**INSTRUCTIONS TO FOLLOW**
Count how many lines of the data below contain the string "from"; the reply should be that number alone.

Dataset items

◇ ◇ ◇ ◇

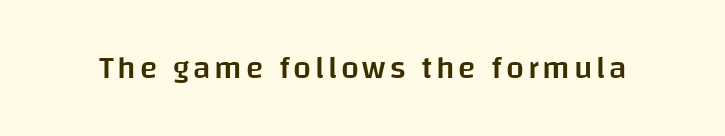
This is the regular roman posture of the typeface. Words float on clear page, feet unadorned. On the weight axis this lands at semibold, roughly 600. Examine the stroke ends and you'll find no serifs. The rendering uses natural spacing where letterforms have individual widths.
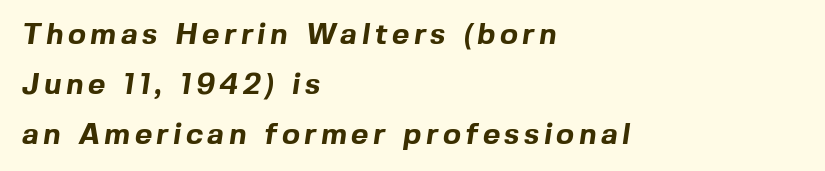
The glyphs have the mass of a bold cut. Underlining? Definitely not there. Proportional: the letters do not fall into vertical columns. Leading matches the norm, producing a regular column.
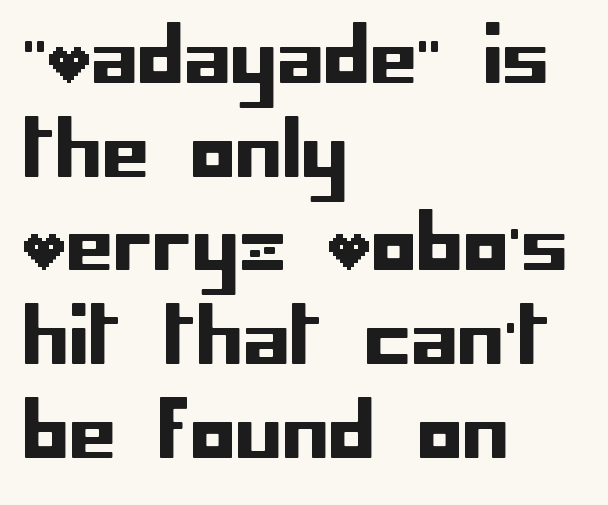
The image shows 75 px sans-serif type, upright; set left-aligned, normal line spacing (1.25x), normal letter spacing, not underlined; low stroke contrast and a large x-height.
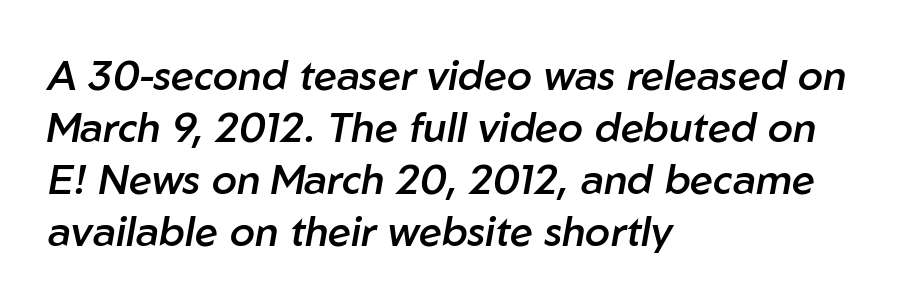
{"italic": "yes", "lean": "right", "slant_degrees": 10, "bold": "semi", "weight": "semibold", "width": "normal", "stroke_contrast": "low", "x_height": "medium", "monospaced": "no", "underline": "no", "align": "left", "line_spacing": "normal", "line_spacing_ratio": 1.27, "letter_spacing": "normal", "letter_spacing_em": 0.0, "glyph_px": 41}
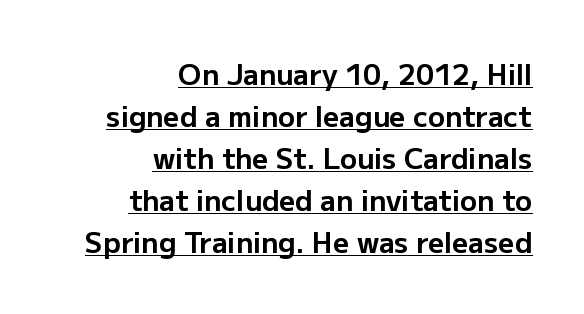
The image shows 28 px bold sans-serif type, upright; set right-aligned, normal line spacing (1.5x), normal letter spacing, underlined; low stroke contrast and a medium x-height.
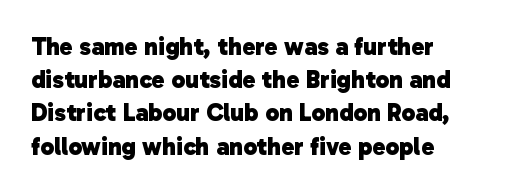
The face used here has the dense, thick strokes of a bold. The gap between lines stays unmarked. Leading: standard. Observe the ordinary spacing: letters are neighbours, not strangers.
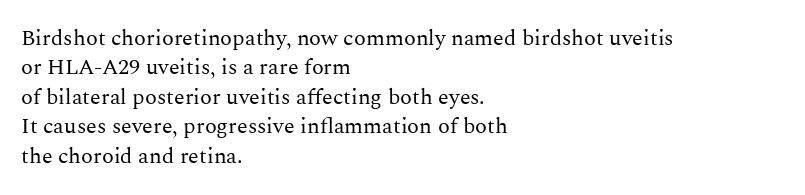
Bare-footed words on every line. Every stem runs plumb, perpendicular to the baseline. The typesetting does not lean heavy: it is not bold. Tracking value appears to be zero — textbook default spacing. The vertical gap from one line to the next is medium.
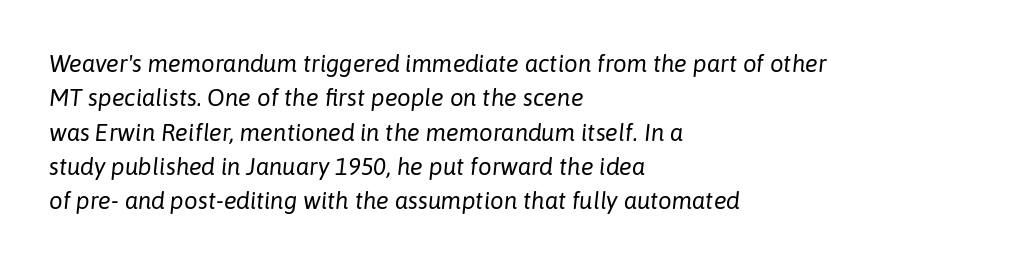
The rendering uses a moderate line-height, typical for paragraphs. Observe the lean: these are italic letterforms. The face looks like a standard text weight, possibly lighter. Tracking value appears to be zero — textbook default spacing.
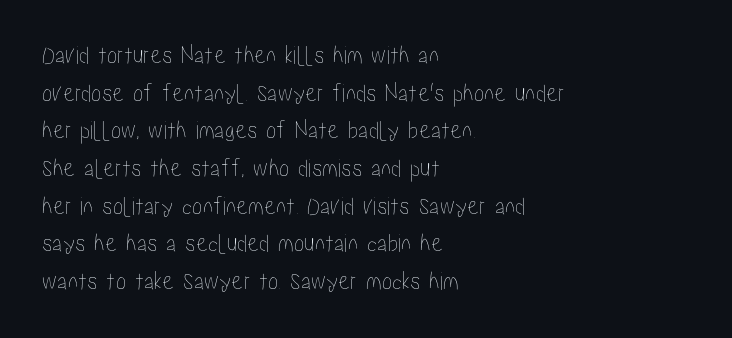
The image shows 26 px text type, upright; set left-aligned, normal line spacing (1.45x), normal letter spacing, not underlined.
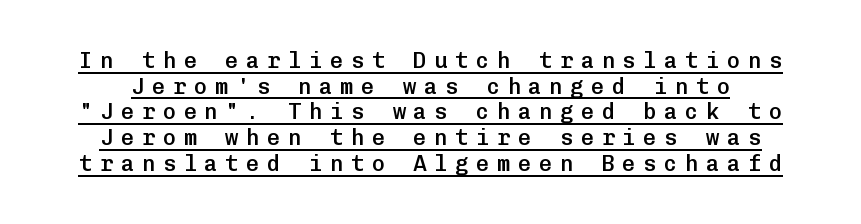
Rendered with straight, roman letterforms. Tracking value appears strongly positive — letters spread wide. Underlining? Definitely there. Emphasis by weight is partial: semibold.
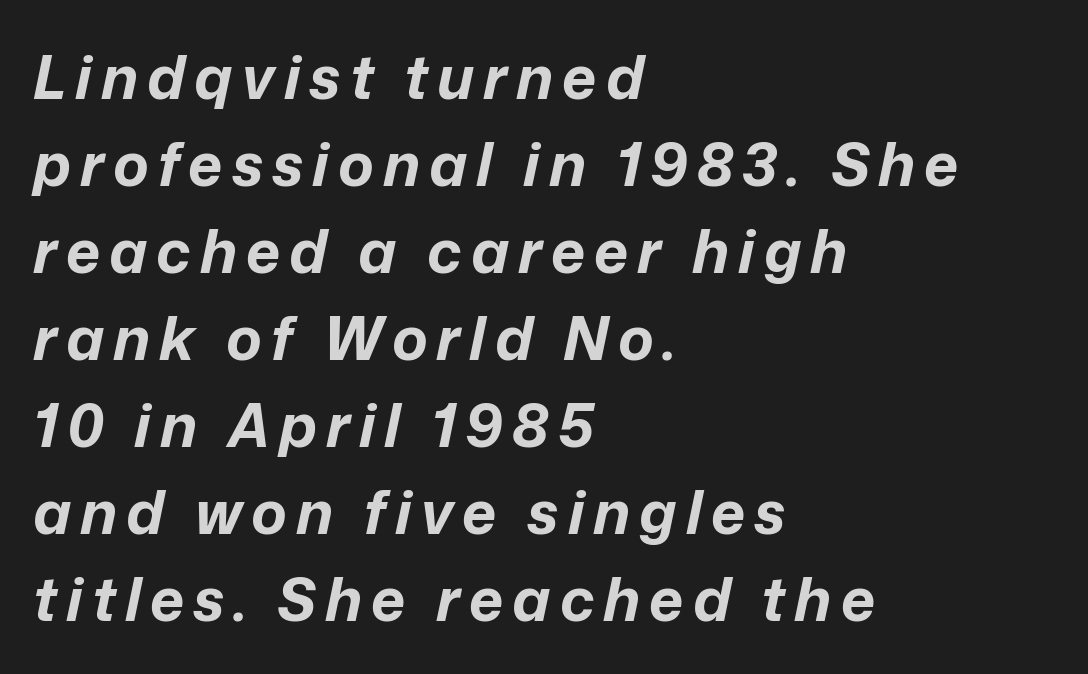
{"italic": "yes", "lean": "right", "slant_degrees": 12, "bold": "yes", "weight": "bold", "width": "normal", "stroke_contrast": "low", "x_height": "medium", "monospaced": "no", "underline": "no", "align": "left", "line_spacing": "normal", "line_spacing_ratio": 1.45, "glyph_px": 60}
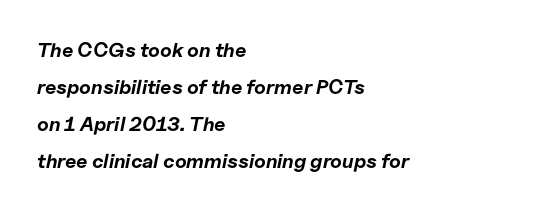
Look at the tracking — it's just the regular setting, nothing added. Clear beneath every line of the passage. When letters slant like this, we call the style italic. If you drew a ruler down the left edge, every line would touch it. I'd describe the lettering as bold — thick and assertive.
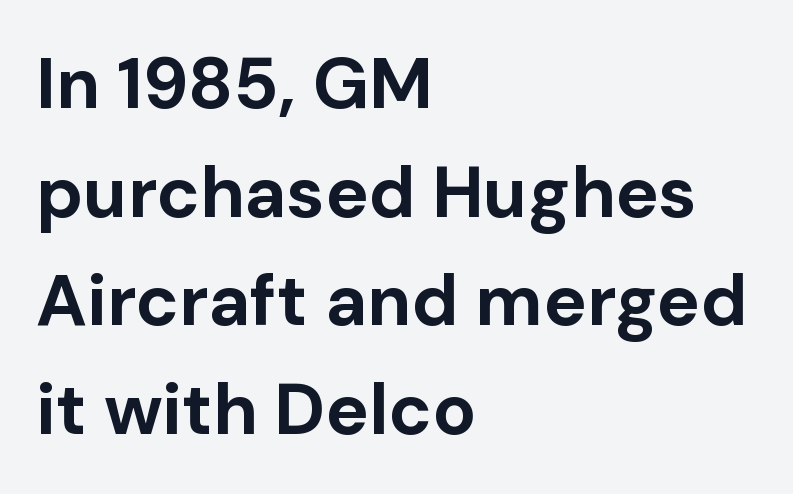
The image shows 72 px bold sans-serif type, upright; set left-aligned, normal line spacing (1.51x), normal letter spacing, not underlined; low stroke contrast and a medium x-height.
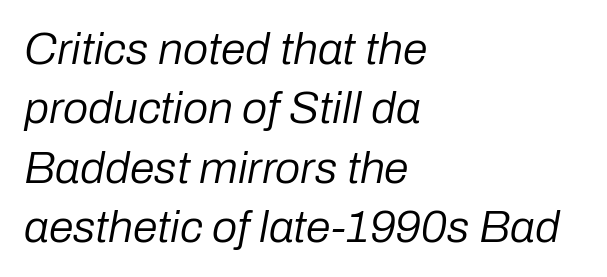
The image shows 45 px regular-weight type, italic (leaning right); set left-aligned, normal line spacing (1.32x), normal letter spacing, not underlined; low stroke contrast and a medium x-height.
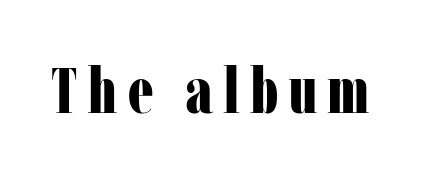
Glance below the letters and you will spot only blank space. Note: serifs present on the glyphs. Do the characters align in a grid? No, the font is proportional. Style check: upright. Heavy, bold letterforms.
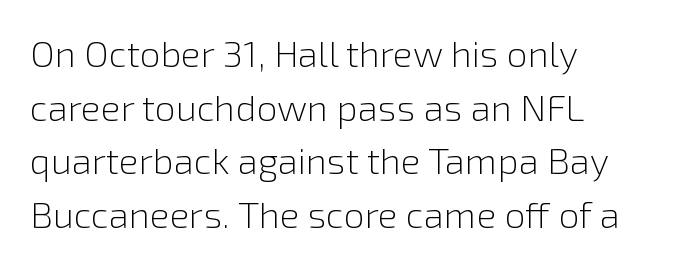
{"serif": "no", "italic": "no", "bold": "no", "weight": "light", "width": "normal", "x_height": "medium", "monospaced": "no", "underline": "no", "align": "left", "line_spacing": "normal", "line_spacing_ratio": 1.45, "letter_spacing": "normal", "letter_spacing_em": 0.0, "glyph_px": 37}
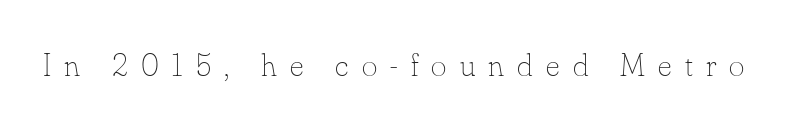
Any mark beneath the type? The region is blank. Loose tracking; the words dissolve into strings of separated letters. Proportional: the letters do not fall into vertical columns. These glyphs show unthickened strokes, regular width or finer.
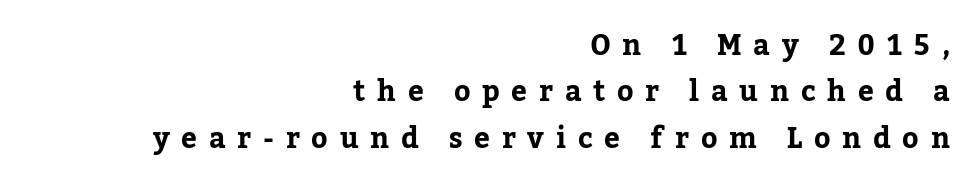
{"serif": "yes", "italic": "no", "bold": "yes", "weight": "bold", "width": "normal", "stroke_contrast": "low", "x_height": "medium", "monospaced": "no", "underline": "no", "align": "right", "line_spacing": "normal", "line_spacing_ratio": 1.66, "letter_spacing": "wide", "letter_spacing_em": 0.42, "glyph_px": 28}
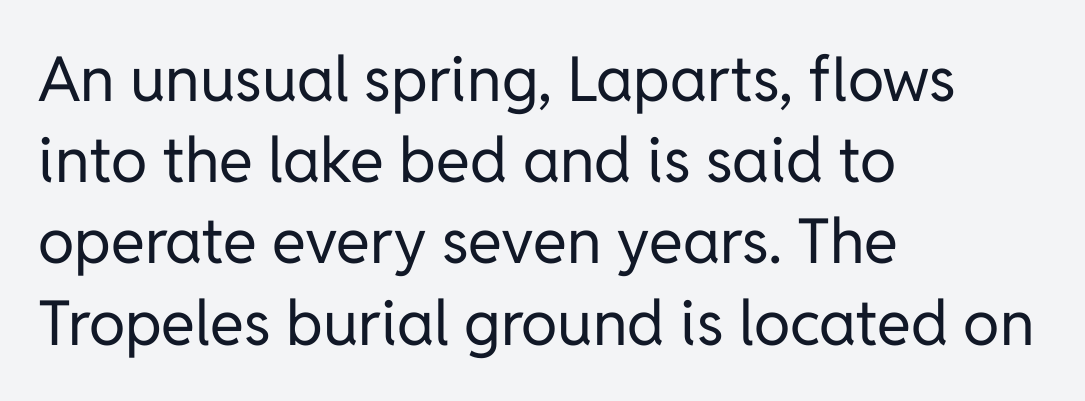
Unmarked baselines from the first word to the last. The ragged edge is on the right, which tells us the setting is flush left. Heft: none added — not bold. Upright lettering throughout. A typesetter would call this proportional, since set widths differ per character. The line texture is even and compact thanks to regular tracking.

◇ ◇ ◇ ◇

**RESPONSE**
2